Наверное, д'Арнье надеялся, что его не услышат. Неосторожные слова умрут в горниле любовной лихорадки, и час спустя ни тот, ни другой уже не вспомнит, слетала ли с их губ площадная брань или страстные признания. Франсуа не услышал - догадался по едва заметному движению губ. Или убедил себя в том, что увидел сквозь затмевающее глаза багряное марево.
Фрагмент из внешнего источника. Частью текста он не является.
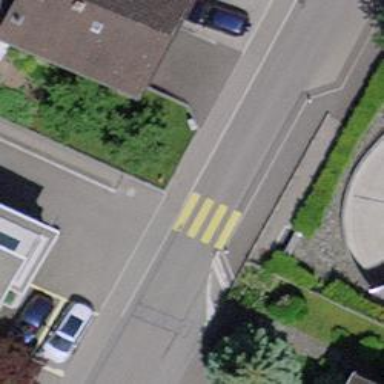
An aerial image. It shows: Uncontrolled zebra crossing on the road.
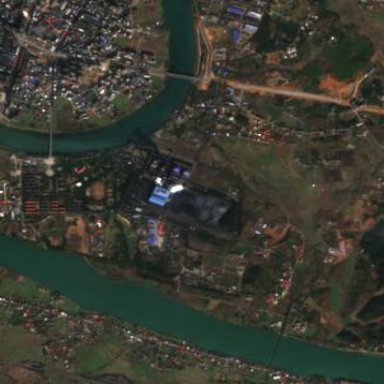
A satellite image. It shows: Industrial area with coal power plant.
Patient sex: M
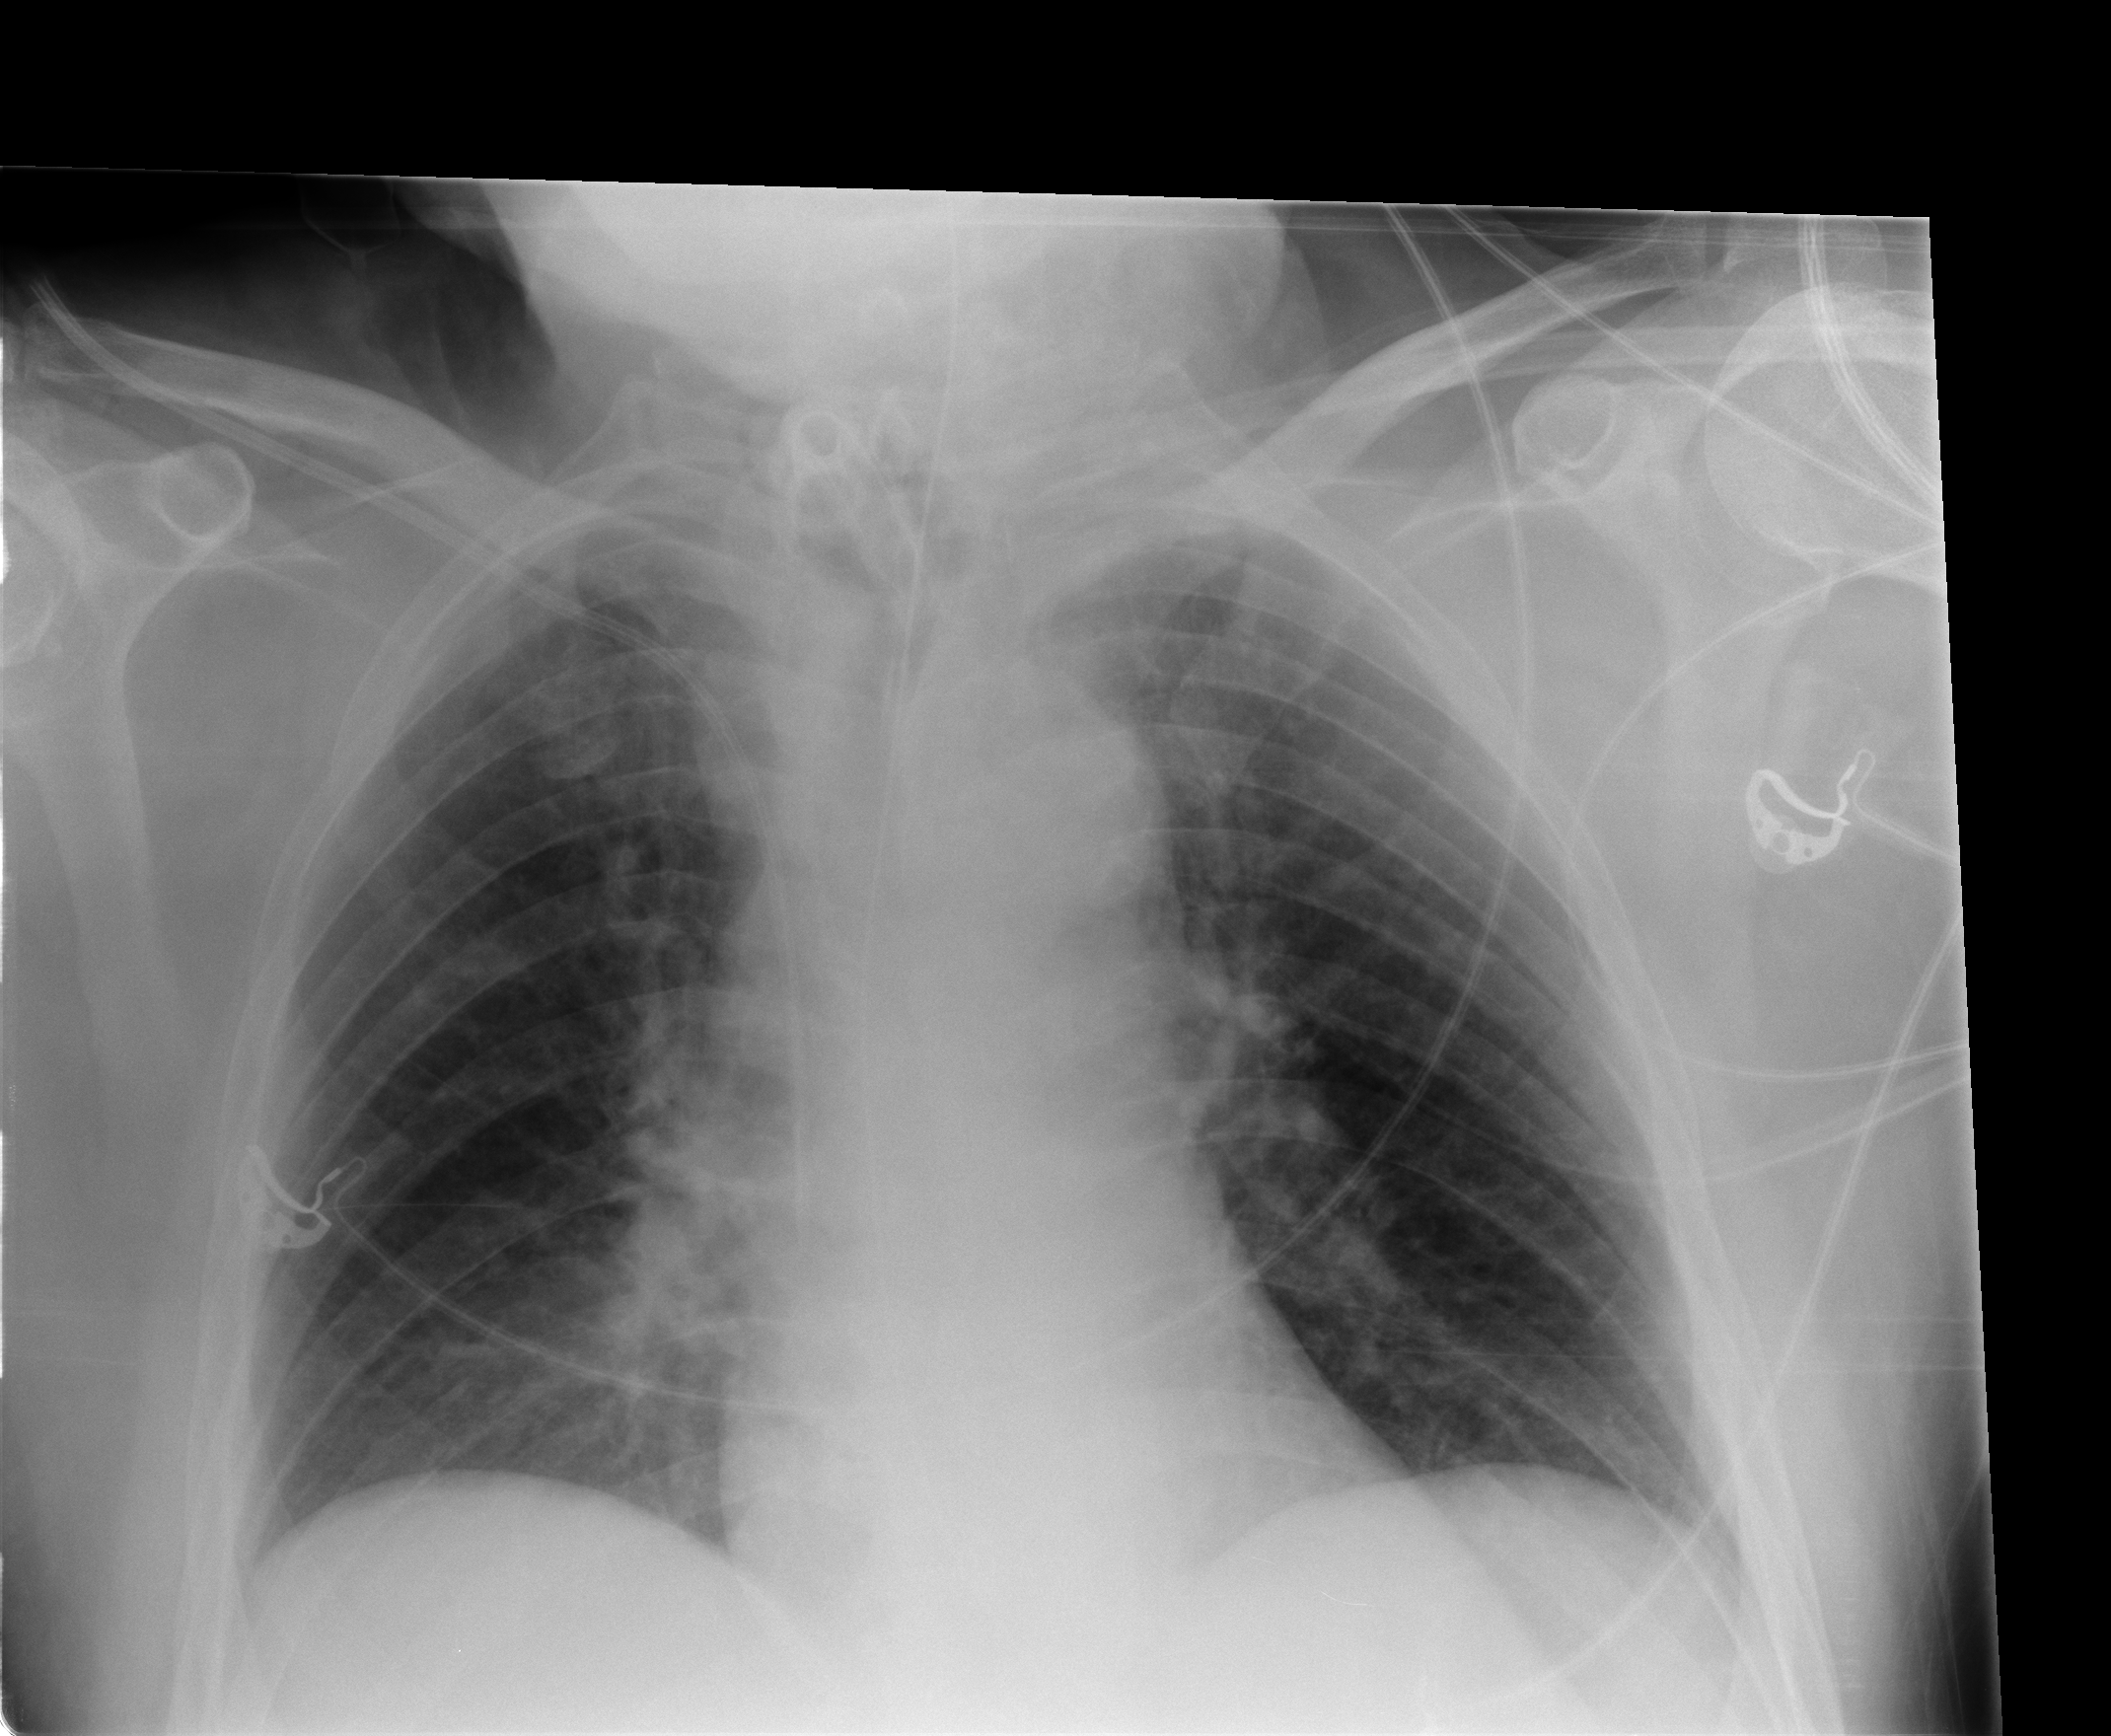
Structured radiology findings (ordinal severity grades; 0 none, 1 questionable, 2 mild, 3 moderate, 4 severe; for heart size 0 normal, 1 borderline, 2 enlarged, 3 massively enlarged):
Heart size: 0
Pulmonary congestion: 0
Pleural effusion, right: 0
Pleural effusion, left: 0
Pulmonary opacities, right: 1
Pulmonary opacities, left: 0
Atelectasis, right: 0
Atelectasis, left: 0
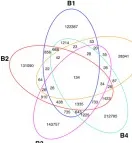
Genomic and transcriptomic analyses for patient B. . A; Venn diagrams of SNVs for all lesions B1-B5 (left) and for MSI lesions B1-B4 (right) show low overlap between tumours.
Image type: chart (chart)
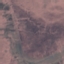
Label: HerbaceousVegetation
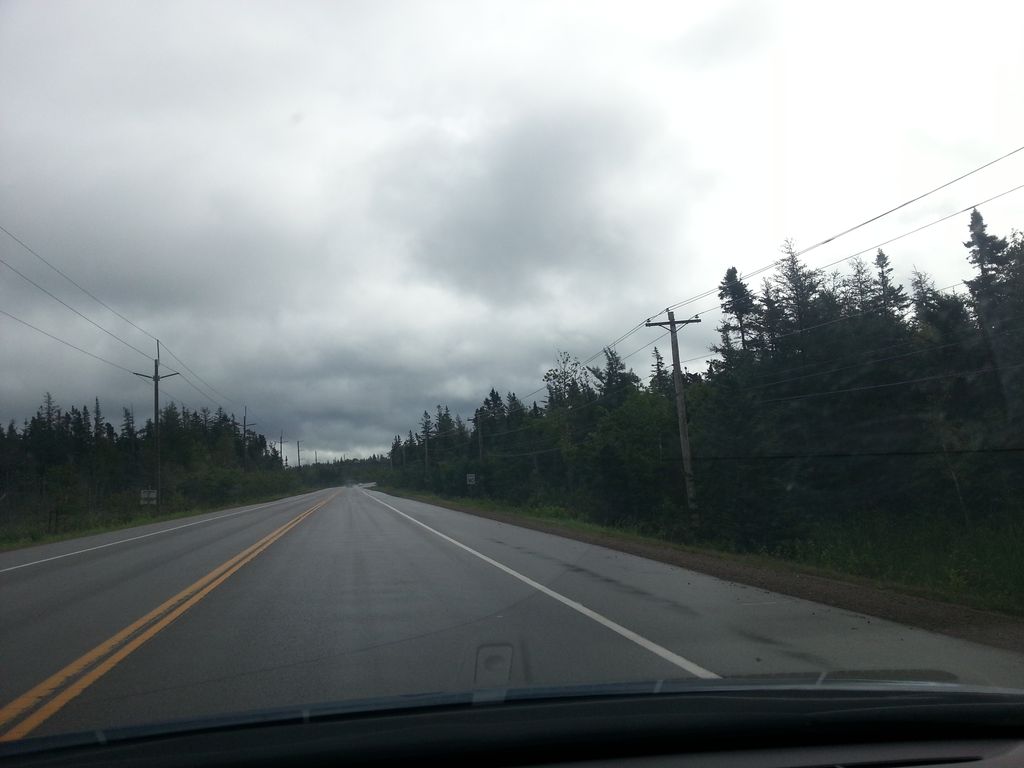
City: charlottetown
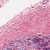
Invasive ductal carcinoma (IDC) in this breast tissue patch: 0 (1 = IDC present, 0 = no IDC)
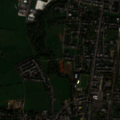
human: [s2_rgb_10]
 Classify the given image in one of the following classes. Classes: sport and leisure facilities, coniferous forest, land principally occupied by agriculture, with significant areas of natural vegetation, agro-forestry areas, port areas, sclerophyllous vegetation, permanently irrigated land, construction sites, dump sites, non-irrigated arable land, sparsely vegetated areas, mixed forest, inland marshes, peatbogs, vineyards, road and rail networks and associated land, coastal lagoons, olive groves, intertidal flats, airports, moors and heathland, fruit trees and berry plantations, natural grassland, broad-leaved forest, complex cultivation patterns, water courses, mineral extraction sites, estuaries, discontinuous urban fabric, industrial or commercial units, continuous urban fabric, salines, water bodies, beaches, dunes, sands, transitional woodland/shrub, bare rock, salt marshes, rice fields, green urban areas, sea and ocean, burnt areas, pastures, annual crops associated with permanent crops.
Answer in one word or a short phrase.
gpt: discontinuous urban fabric, complex cultivation patterns
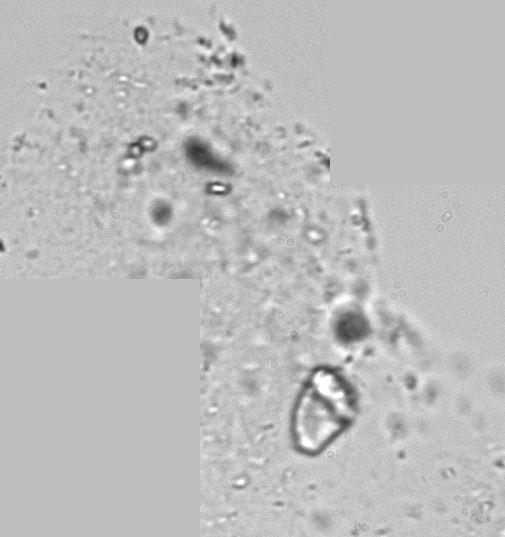
Label: Phaeocystis
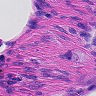
Metastatic tissue present: yes
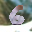
Label: 6
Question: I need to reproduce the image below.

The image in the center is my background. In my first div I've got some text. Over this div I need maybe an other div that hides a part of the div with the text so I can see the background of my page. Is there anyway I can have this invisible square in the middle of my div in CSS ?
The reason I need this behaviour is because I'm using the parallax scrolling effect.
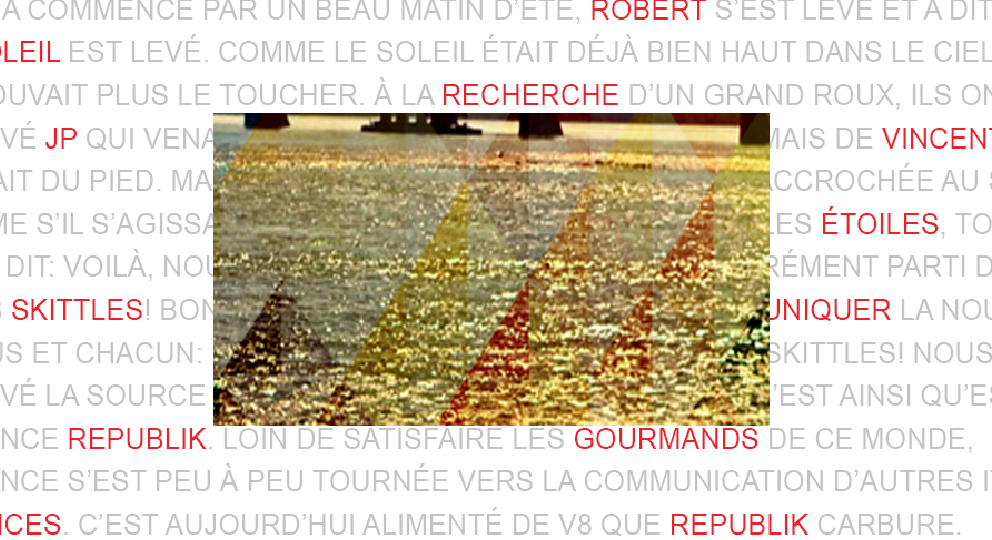
Answer: Only in webkit, you can use a mask:
'''
#background, #overlay {
position: absolute;
width: 200px;
height: 400px;
}
#background {
background: url("yourimage");
}
#overlay {
top: 0px;
left: 0px;
-webkit-mask-position: 0px 0px;
-webkit-mask-size: 100% 100%;
-webkit-mask-image: linear-gradient(180deg, rgba(0, 0, 0, 1) 33%, rgba(0, 0, 0, 0) 33%, rgba(0, 0, 0, 0) 66%, rgba(0, 0, 0, 1) 66%),
linear-gradient(90deg, rgba(0, 0, 0, 1) 33%, rgba(0, 0, 0, 0) 34%, rgba(0, 0, 0, 0) 66%, rgba(0, 0, 0, 1) 66%);
background-color: rgba(255, 255, 255, 0.8);
}
'''
# fiddle
I have set the background of the overlay with a little alpha to show that the background div is stiil there, just set it to white in real code.

То, что творилось сейчас между ними, можно было назвать как угодно - любовью, таинством, жертвоприношением, но никак не грехом, так совершенно было безграничное и безоглядное слияние. Казалось, все предыдущие экстазы слились воедино, спаянные новым чувством, и умножились, чтобы доказать - нет предела любовным восторгам и, может быть, эти минуты близости - лучшее, что есть в жизни каждого человека.
Шарль понял - или у него сейчас остановится сердце, или он позволит себе кончить. Резким движением он нагнул голову, впиваясь в губы Франсуа жадным поцелуем, взорвался в его теле и постепенно обмяк.
Франсуа, точно молнией, пронзило быстрой и сильной судорогой от макушки до пяток - еще и еще раз, заставляя обильно выплескиваться на напряженный живот Шарля, ликуя и стыдясь самого себя. А потом - словно у марионетки обрезали нити, безумно-упоительный танец достиг своего апогея и утих, оставив двоих обессиленных и смятенных людей лежать в объятиях друг друга. Франсуа даже двигаться не хотелось, хотя в поцелуе Шарля уже не было прежней настойчивой силы, только благодарная нежность - и в кои веки Франсуа не беспокоило то, что он по уши перемазался собственным семенем и лежит прямо в нем. Актер с трудом перевел запаленное дыхание, ощущая себя полностью выжатым, как лимонная долька - и невесть отчего разрыдался, сжимая веки, тряся головой, ненавидя свой характер и тело, всегда так бурно откликавшееся на сильные эмоции.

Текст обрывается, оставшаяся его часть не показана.